Additionally, McKennie felt very comfortable in Germany. From ages six through nine, he lived in the country while his father served in the U.S. military and was based near Kaiserslatuern. While living there, McKennie became fluent in German and began playing soccer for a local village team. From that experience, he always considered Germany a “home away from home.”

“It was a very hard decision to make,” McKennie said. “I grew up at FC Dallas and we lived there for nine years. But living in Germany, I always felt that my development was here. Being able to come back here was a huge opportunity for me.

"It was tough but I still felt like I made the right decision.”

McKennie's agent is Cory Gibbs, a former standout with the United States national team and a player who also had a career in Europe and MLS—including a stint with Dallas. While reviewing the options with McKennie and his family, Gibbs fully understood all of the factors at play. 

“When you’re offered a contract from Schalke, which is one of the top 12 richest clubs in the world, and they produce so many stars and have Europe’s top renowned youth coach, it’s hard to say no at that point at this point,” Gibbs said. “Clubs like Schalke are specific. They needed a player of his age and of his position. They look at that position for the first team. So it’s not like they brought him over because he fit in well with their U-19s. There is a projected plan for him throughout his development to be part of the first team. Hopefully that’s soon.”

“It hurts for FC Dallas,” Gibbs continued. “I can understand their pain when you lose one your top youth prospects. But these things happen. He’s given so much to that club, let’s not forget. He’s brought them a lot of success. They’ve also given him a lot by developing him to the point of where he was before he got here. It works both ways and it’s also a great recruiting tool for FC Dallas.

"When they’re looking to bring young kids in, they can say Weston is a role model in the bigger picture of how you can succeed.”

Despite a midseason injury, McKennie appears to be on a good path. Off the field, he lives in a housing complex along with many of the other players on the U-19 team. There the club is able to monitor their nutrition, social adjustment, and other aspects of their lives. He lives with fellow American Nick Taitague and Haji Wright stayed there for a time too, later opting to move out over the winter.

On the field, McKennie has been a mainstay with Schalke's U-19s and he lists breaking into the first team as a top goal for 2017. A box-to-box midfielder, he has brought energy and skill to the team. His leadership, however, is a noticeable attribute.

He claims he was a "little" surprised when he was first asked to wear the captain's armband.

“That’s really because in the beginning of the year the coach came to me and said, 'So I hear you’re a leader?’ McKennie said. "I said, ‘Yes, sir.’ And he said ‘OK.’ He gave me a heads up that maybe he sees me as a leader too.

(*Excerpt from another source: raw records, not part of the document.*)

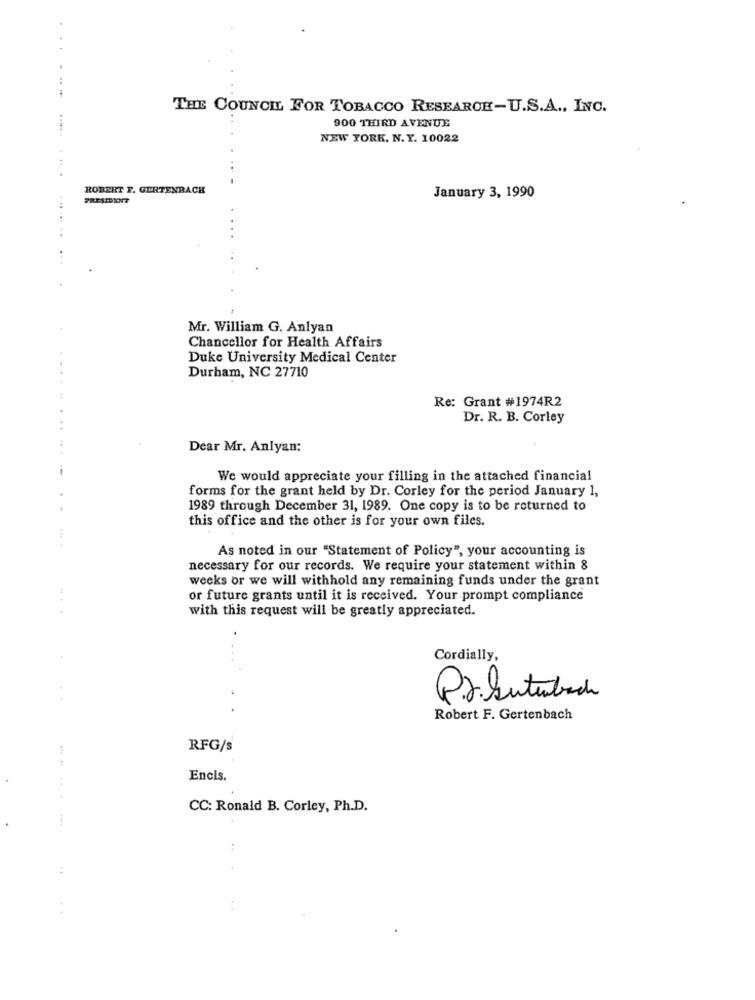
THE COUNCIL FOR TOBACCO RESEAROE-U.S.A ., INC.
900 THIRD AVENUE
NEW YORK, N.Y. 10022
ROBERT F. GERTENBACH
PRESIDENT
January 3, 1990
Mr. William G. Anlyan
Chancellor for Health Affairs
Duke University Medical Center
Durham, NC 27710
Re: Grant #1974R2
Dr. R. B. Corley
Dear Mr. Anlyan:
We would appreciate your filling in the attached financial
forms for the grant held by Dr. Corley for the period January 1,
1989 through December 31, 1989. One copy is to be returned to
this office and the other is for your own files.
As noted in our "Statement of Policy", your accounting is
necessary for our records. We require your statement within 8
weeks or we will withhold any remaining funds under the grant
or future grants until it is received. Your prompt compliance
with this request will be greatly appreciated.
Cordially,
Pr.kutuback
Robert F. Gertenbach
RFG/s
Encis.
....
CC: Ronald B. Corley, Ph.D.
.-

I was a little bit nervous at first but it is a challenge I like to take on and I am willing to accept.

"It’s a real honor every time.”

Turning ahead to May when the United States will take part in the U-20 World Cup, there's a strong likelihood that McKennie will find himself in the starting lineup for the critical opener against Ecuador. As a player who was not seen as a top American prospect at the U-17 level, McKennie is eager to be part of a promising U-20 team.

During World Cup qualifying, McKennie supported the team and had hoped to be part of it until Schalke denied his release. But after seeing how the Americans performed in November during his one camp with the U-20s, and then watching the team's success in qualifying, he is very optimistic about South Korea.

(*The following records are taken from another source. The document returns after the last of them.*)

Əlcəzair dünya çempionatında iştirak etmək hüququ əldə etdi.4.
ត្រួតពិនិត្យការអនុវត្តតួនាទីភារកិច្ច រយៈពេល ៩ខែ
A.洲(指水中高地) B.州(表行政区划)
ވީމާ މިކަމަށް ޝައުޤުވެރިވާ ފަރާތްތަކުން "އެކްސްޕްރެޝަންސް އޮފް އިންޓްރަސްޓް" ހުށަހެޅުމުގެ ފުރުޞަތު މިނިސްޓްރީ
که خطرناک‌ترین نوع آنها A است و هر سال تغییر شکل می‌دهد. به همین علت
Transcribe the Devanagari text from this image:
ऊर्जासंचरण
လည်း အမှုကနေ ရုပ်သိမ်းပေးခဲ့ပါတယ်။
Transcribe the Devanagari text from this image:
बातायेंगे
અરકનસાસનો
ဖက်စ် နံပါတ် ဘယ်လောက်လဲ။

“I followed them in qualifying and read every article I could get my hands on,” McKennie said. “I would watch them over the Internet. It was a very exciting run to watch and very pleasing as well. Tab Ramos tried to get me released for it and we fought very hard, but it didn’t synch with Schalke’s schedule.

"The potential for the team at the World Cup after the qualifiers—I have full confidence and full belief in this team. I think we can win it. I think we have a good potential and a good team.”